6. **Combine results:**  
   $$
   {D_{\text{KL}}(P \parallel Q) = D_{\text{KL}}(P(x) \parallel Q(x)) + \sum_{x} P(x) \cdot D_{\text{KL}}(P(y|x) \parallel Q(y|x))}
   $$

   $$ \downarrow$$
   $$D_{\mathrm{KL}}(P(x,y) \| Q(x,y)) = D_{\mathrm{KL}}(P(x) \| Q(x)) + \mathbb{E}_{P(x)}[D_{\mathrm{KL}}(P(y|x) \| Q(y|x))].$$





## Uniqueness of KL divergence

*The following proof is adapted from "A short characterization of relative entropy" (available on https://arxiv.org/pdf/1712.04903).*

Let, for each integer $n\ge1$,

$$
\Delta_n = \bigl\{\;\mathbf{p}=(p_1,\dots,p_n)\in\mathbb{R}^n : p_i\ge0,\ \sum_{i=1}^n p_i = 1\;\bigr\},
$$

$$
A_n = \bigl\{\,(\mathbf{p},\mathbf{r})\in\Delta_n\times\Delta_n : p_i=0\implies r_i=0\text{ for all }i\,\bigr\}.
$$

Suppose we have a family of functions

$$
I_n : A_n \;\longrightarrow\;\mathbb{R},
$$

satisfying:

1. **Measurability (in the second argument).**
   For each fixed $\mathbf{p}$, the map
   $\mathbf{r}\mapsto I_n(\mathbf{p},\mathbf{r})$ is Lebesgue‑measurable on its domain.

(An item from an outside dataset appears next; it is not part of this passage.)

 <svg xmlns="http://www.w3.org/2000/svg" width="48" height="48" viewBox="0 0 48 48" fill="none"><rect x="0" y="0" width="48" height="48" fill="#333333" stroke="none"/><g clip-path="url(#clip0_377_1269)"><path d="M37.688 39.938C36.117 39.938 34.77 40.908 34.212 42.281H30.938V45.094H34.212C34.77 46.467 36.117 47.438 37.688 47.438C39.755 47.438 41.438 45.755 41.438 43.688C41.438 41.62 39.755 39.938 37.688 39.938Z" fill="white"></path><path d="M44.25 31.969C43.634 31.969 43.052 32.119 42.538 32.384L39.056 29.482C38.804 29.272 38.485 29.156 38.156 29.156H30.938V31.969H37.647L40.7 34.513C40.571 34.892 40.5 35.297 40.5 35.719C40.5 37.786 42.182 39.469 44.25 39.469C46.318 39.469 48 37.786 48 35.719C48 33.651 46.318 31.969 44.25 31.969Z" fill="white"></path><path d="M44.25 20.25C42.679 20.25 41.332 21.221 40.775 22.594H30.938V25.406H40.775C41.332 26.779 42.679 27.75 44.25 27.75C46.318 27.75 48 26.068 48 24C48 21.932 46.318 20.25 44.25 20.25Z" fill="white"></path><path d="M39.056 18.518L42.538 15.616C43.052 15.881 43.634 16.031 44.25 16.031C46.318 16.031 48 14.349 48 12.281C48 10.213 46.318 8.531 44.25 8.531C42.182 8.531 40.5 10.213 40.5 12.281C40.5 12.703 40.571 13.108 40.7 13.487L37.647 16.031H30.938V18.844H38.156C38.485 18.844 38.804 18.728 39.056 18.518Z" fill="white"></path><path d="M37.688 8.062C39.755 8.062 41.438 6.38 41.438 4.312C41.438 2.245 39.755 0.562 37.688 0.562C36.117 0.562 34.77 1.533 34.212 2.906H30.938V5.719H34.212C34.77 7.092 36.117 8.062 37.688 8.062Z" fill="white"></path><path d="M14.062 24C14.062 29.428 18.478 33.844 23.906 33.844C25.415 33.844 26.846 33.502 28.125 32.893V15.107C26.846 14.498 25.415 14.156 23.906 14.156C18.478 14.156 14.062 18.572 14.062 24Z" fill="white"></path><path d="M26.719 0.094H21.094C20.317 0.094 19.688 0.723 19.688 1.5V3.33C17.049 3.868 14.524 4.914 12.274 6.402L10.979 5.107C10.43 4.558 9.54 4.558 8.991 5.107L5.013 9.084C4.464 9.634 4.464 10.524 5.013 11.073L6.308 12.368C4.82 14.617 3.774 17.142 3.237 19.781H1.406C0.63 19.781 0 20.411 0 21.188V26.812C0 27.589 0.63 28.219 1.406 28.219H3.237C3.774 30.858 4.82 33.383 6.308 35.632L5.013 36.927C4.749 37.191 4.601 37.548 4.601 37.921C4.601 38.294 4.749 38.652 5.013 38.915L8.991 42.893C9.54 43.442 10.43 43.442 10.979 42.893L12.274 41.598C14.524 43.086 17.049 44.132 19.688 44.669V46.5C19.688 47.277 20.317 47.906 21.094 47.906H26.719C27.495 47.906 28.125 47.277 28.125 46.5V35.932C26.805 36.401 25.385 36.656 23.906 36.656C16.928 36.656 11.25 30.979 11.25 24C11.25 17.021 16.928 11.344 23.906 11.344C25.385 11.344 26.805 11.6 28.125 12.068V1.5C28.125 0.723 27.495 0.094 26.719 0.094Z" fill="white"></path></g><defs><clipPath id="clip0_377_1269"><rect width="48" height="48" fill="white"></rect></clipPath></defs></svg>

2. **Permutation invariance.**
   For any permutation $\sigma\in S_n$,

   $$
     I_n(\mathbf{p},\mathbf{r})
     =
     I_n(\mathbf{p}_\sigma,\mathbf{r}_\sigma),
   $$

   where $\mathbf{p}_\sigma=(p_{\sigma(1)},\dots,p_{\sigma(n)})$, $\mathbf{r}_\sigma=(r_{\sigma(1)},\dots,r_{\sigma(n)})$.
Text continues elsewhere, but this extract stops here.